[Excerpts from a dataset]
::::::::::

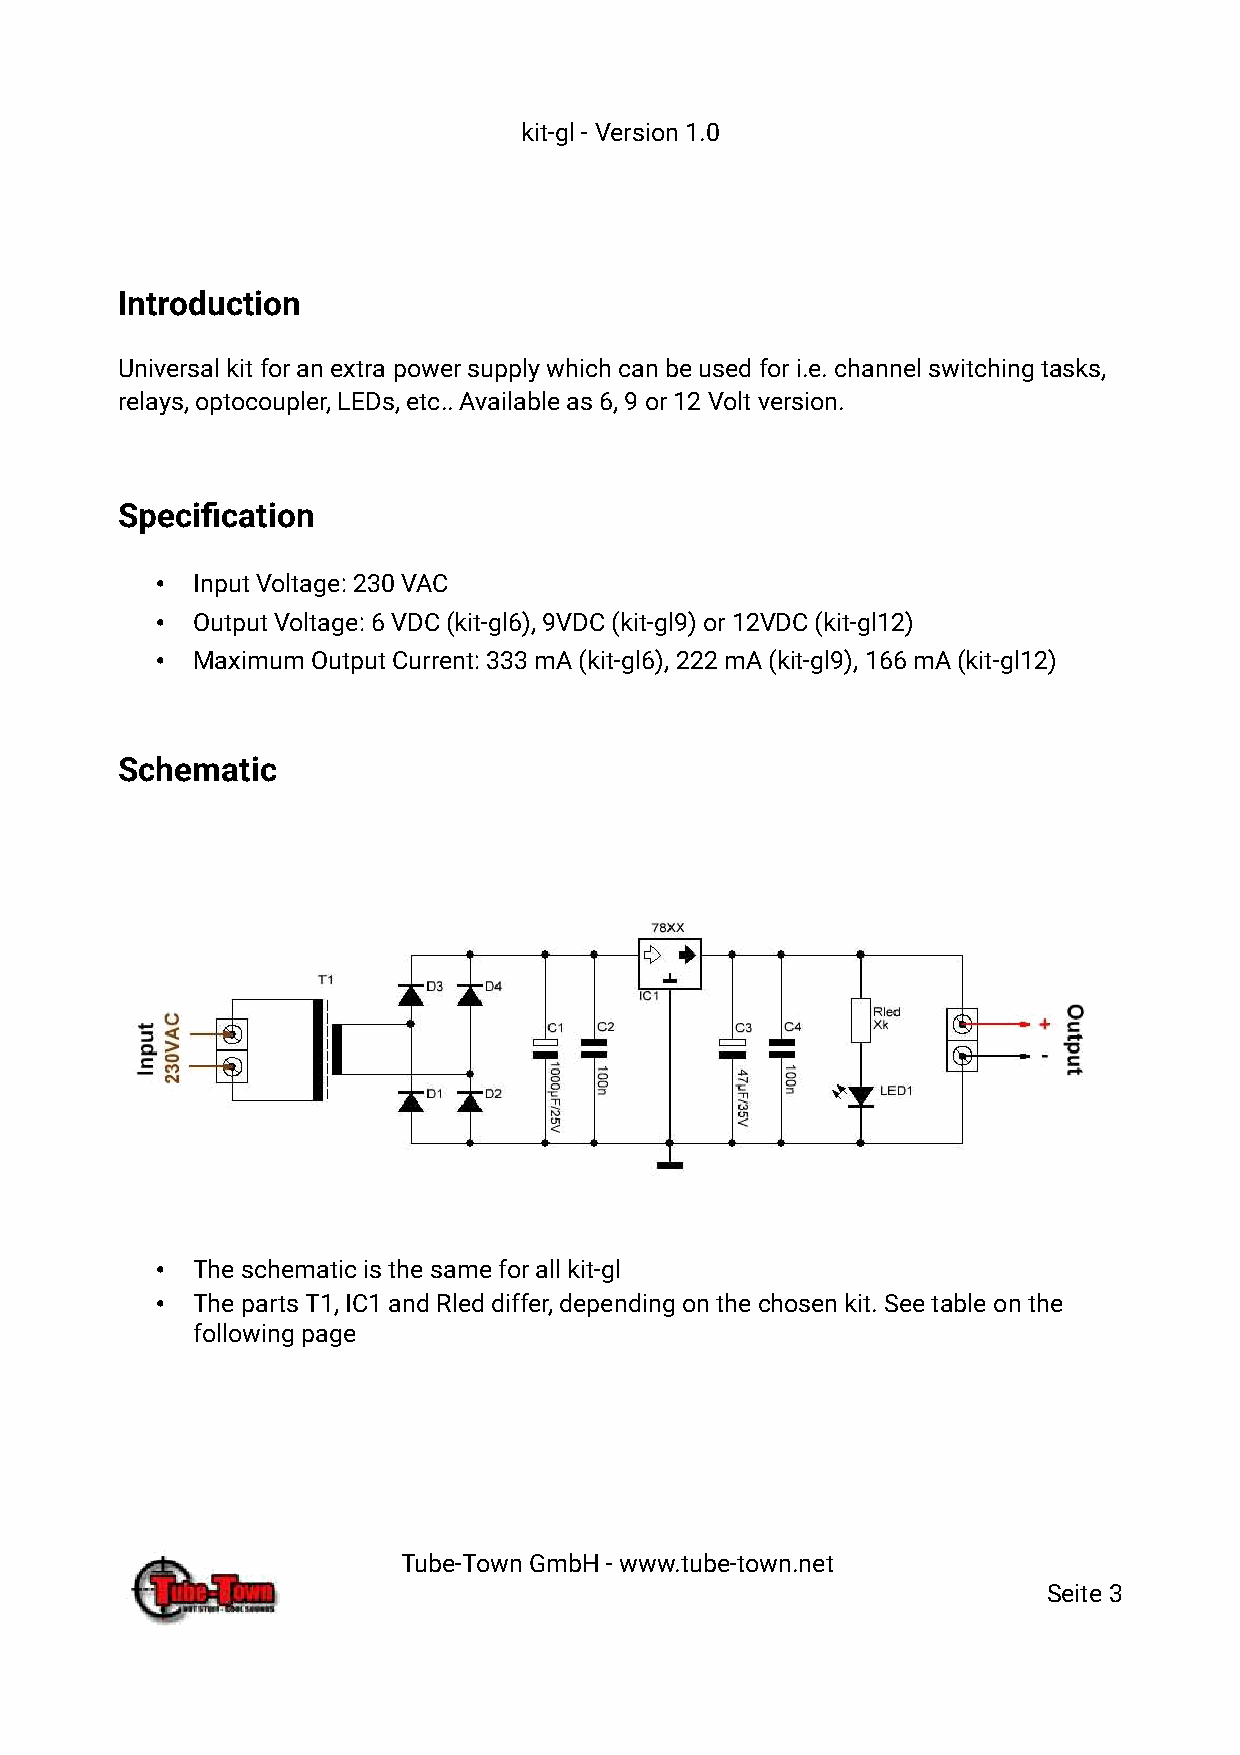
kit-gl - Version 1.0
 Introduction
 Universal kit for an extra power supply which can be used for i.e. channel switching tasks,
 relays, optocoupler, LEDs, etc.. Available as 6, 9 or 12 Volt version.
 Specification
 •  Input Voltage: 230 VAC
 •  Output Voltage: 6 VDC (kit-gl6), 9VDC (kit-gl9) or 12VDC (kit-gl12)
 •  Maximum Output Current: 333 mA (kit-gl6), 222 mA (kit-gl9), 166 mA (kit-gl12)
 Schematic
 •  The schematic is the same for all kit-gl
 •  The parts T1, IC1 and Rled differ, depending on the chosen kit. See table on the
 following page
 Tube-Town GmbH - www.tube-town.net
 Seite 3
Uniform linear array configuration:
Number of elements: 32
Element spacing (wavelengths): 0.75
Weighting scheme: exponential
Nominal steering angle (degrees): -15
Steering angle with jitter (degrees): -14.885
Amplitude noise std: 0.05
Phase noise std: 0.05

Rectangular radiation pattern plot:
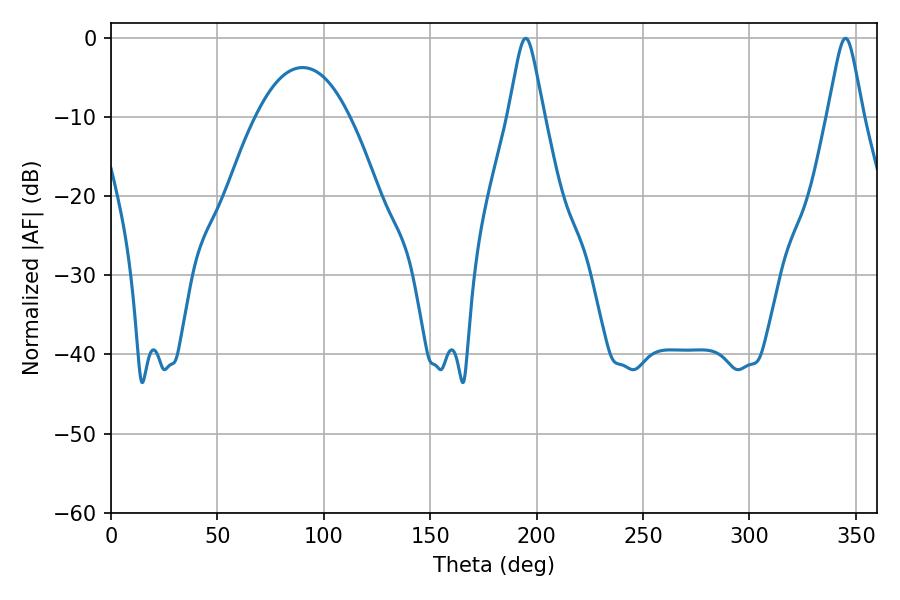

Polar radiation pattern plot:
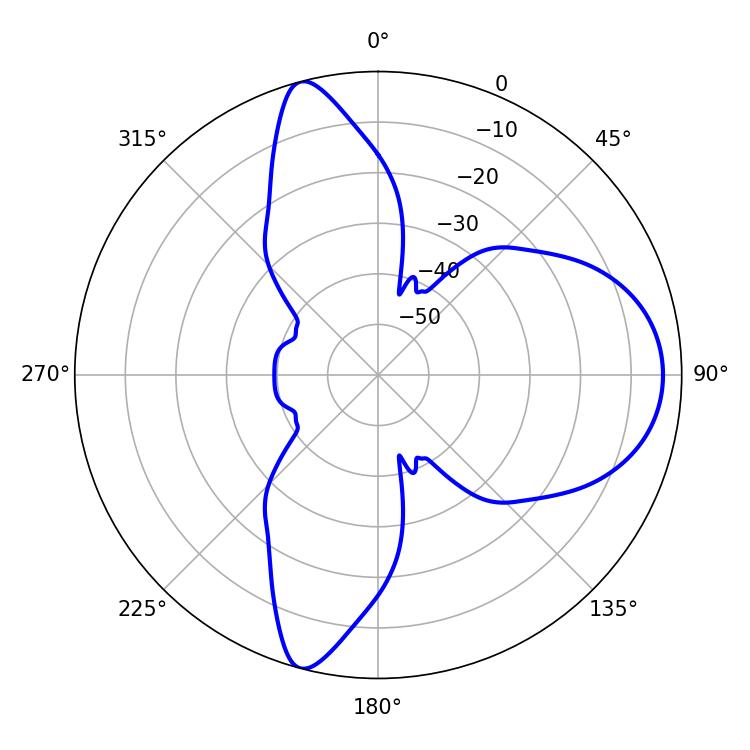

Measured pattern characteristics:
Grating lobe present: TRUE
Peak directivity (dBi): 11.142
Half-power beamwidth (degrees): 7.92
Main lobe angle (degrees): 194.94
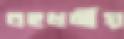
বহুধর্মীয়
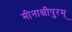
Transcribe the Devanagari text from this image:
मीनाक्षीपुरम्
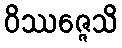
ဝိဿဇ္ဇေသိ
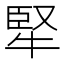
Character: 㹂
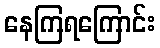
နေကြရကြောင်း
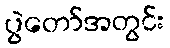
ပွဲတော်အတွင်း
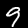
Label: 9
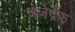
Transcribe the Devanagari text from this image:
अजेद्रेझ
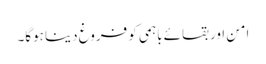
امن اور بقائے باہمی کو فروغ دینا ہوگا۔
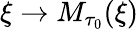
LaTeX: \xi\rightarrow M_{\tau_{0}}(\xi)
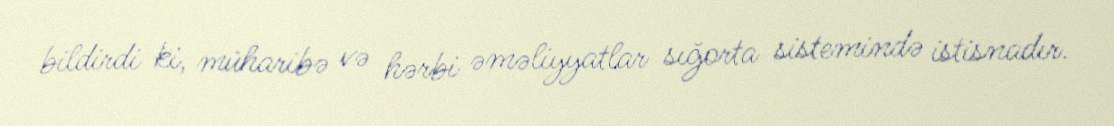
bildirdi ki, müharibə və hərbi əməliyyatlar sığorta sistemində istisnadır.
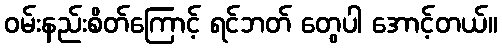
ဝမ်းနည်းစိတ်ကြောင့် ရင်ဘတ် တွေပါ အောင့်တယ်။
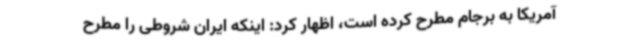
آمریکا به برجام مطرح کرده است، اظهار کرد: اینکه ایران شروطی را مطرح
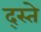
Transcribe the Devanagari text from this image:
द्स्ते
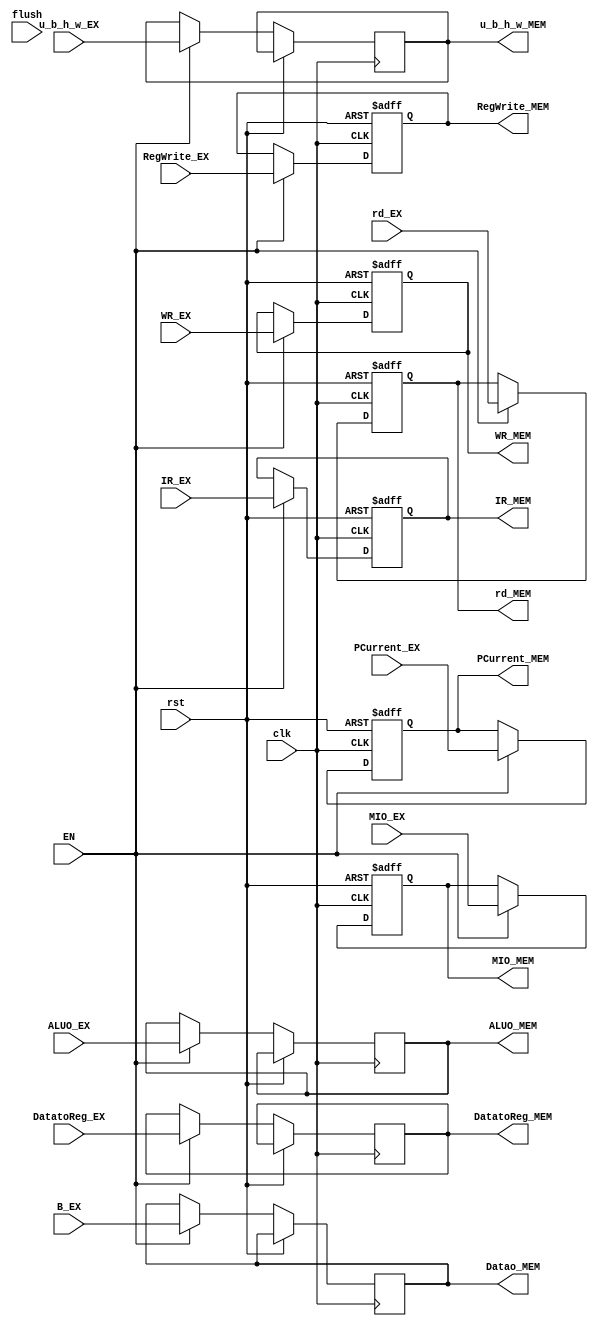
`timescale 1ns / 1ps
//////////////////////////////////////////////////////////////////////////////////
// Company:
// Engineer:
//
// Design Name:
// Module Name:    REGS EX/MEM Latch
// Project Name:
// Target Devices:
// Tool versions:
// Description:
//
// Dependencies:
//
// Revision:
// Revision 0.01 - File Created
// Additional Comments:
//
//////////////////////////////////////////////////////////////////////////////////

module   REG_EX_MEM(input clk,                                      //EX/MEM Latch
                    input rst,
                    input EN,                                       //?
                    input flush,                                    //()?
                    input [31:0] IR_EX,                             //()
                    input [31:0] PCurrent_EX,                       //?
                    input [31:0] ALUO_EX,                           //ALU?ALU
                    input [31:0] B_EX,                              //IDBCPU
                    input [4:0]  rd_EX,                             //??
                    input DatatoReg_EX,                      //?REG?
                    input RegWrite_EX,                              //??
                    input WR_EX,                                    //?
                    input[2:0] u_b_h_w_EX,
                    input MIO_EX,

                    output reg[31:0] PCurrent_MEM,                  //??
                    output reg[31:0] IR_MEM,                        //??()
                    output reg[31:0] ALUO_MEM,                      //ALU?ALU
                    output reg[31:0] Datao_MEM,                     //?MIO
                    output reg[4:0]  rd_MEM,                        //??
                    output reg       DatatoReg_MEM,                 //?REG?
                    output reg       RegWrite_MEM,                  //??
                    output reg       WR_MEM,                         //?
                    output reg[2:0]  u_b_h_w_MEM,
                    output reg       MIO_MEM
                );

    always @(posedge clk or posedge rst) begin
        if(rst) begin
            IR_MEM       <= 0;
            PCurrent_MEM <= 0;
            rd_MEM       <= 0;
            RegWrite_MEM <= 0;
            WR_MEM       <= 0;
            MIO_MEM      <= 0;
        end
        else if(EN) begin                                      //EXMEM?
                IR_MEM       <= IR_EX;
                PCurrent_MEM <= PCurrent_EX;                  //??
                ALUO_MEM     <= ALUO_EX;                      //ALU
                Datao_MEM    <= B_EX;                         //?CPU
                DatatoReg_MEM <= DatatoReg_EX;                      //?REG?
                RegWrite_MEM  <= RegWrite_EX;                 //??
                WR_MEM        <= WR_EX;                       //?
                rd_MEM        <= rd_EX;                       //??
                u_b_h_w_MEM   <= u_b_h_w_EX;
                MIO_MEM       <= MIO_EX;
        end
    end

endmodule
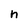
Character: n
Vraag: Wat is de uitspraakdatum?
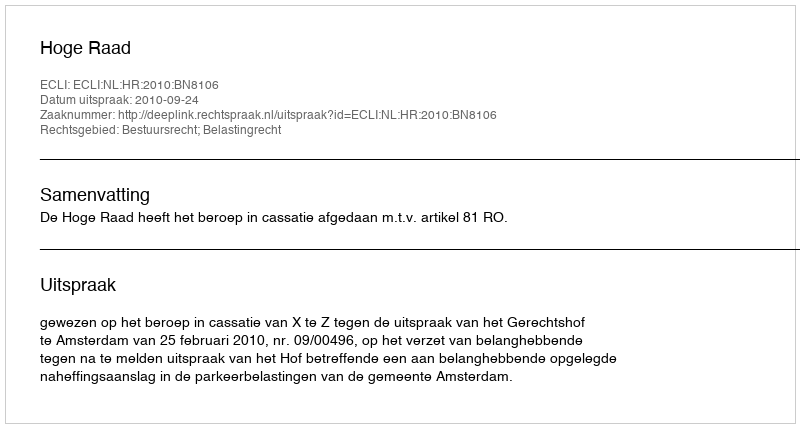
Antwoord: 2010-09-24
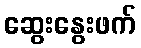
ဆွေးနွေးဖက်
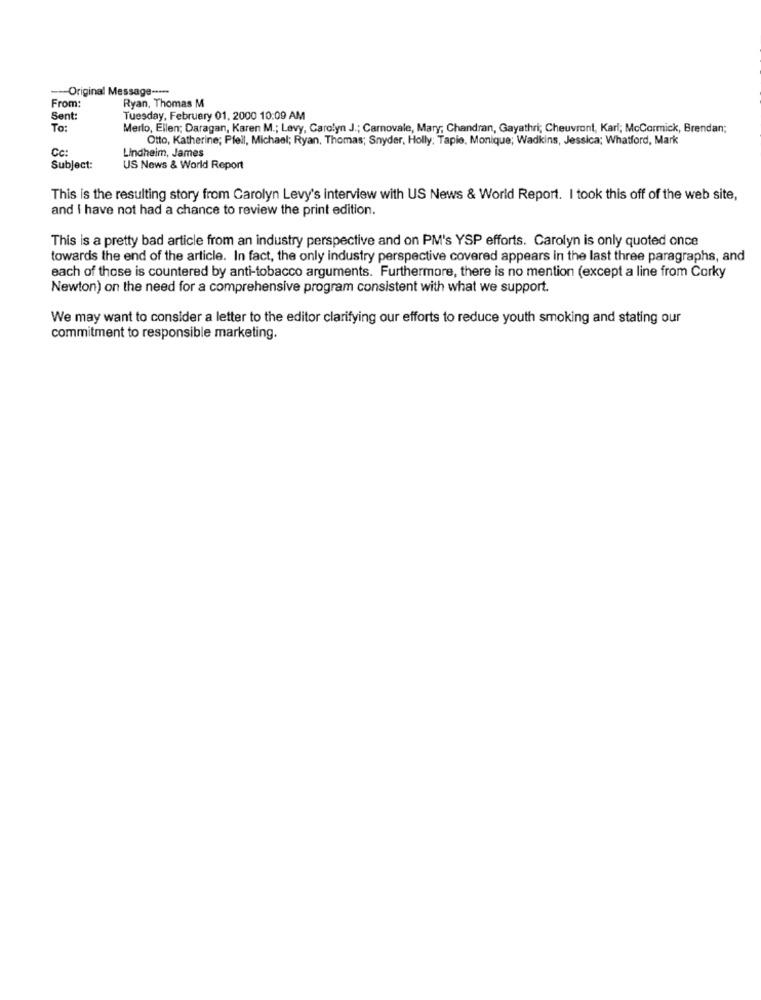
-Original Message -----
From:
Ryan, Thomas M
Sent:
Tuesday, February 01, 2000 10:09 AM
To:
Merlo, Ellen; Daragan, Karen M .; Levy, Carolyn J .; Carnovale, Mary; Chandran, Gayathri; Cheuvront, Karl; McCormick, Brendan;
Otto, Katherine; Pfeil, Michael; Ryan, Thomas; Snyder, Holly; Tapie, Monique; Wadkins, Jessica; Whatford, Mark
Cc:
Lindheim, James
Subject:
US News & World Report
This is the resulting story from Carolyn Levy's interview with US News & World Report. I took this off of the web site,
and I have not had a chance to review the print edition.
This is a pretty bad article from an industry perspective and on PM's YSP efforts. Carolyn is only quoted once
towards the end of the article. In fact, the only industry perspective covered appears in the last three paragraphs, and
each of those is countered by anti-tobacco arguments. Furthermore, there is no mention (except a line from Corky
Newton) on the need for a comprehensive program consistent with what we support.
We may want to consider a letter to the editor clarifying our efforts to reduce youth smoking and stating our
commitment to responsible marketing.
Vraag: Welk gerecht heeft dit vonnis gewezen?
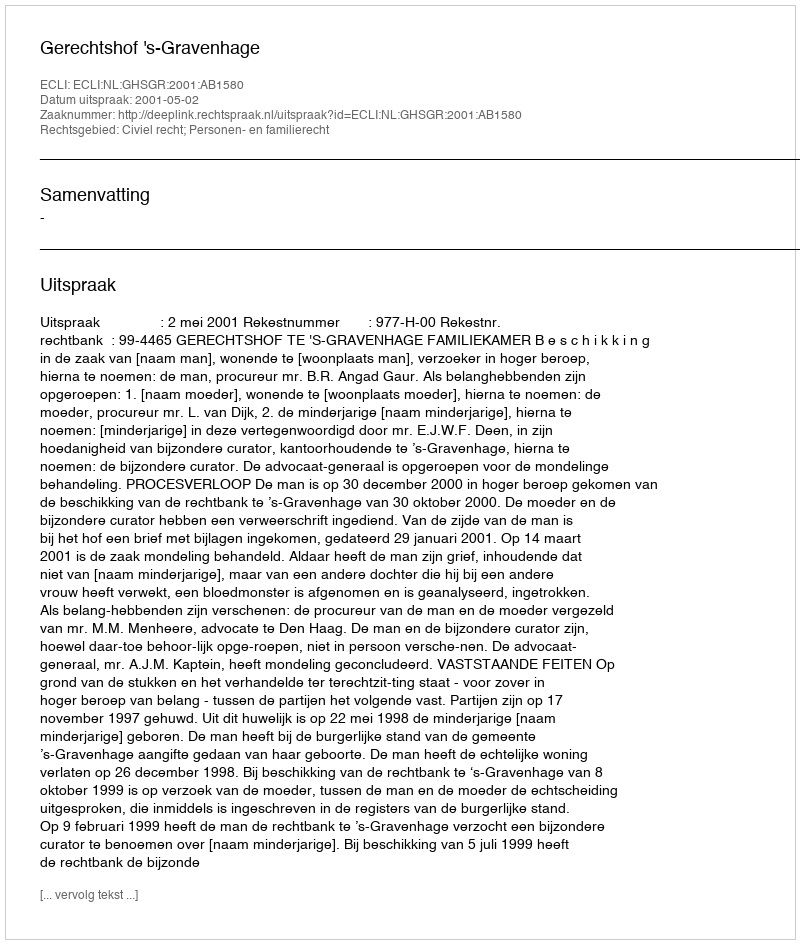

::::::::::

● Task to complete
Word for word, write out the lines above running from the one with "Weighting scheme: exponential" up to and including the one with "Polar radiation pattern". Drop any picture.

● Exercise result
Weighting scheme: exponential
Nominal steering angle (degrees): -15
Steering angle with jitter (degrees): -14.885
Amplitude noise std: 0.05
Phase noise std: 0.05

Rectangular radiation pattern plot:

Polar radiation pattern plot:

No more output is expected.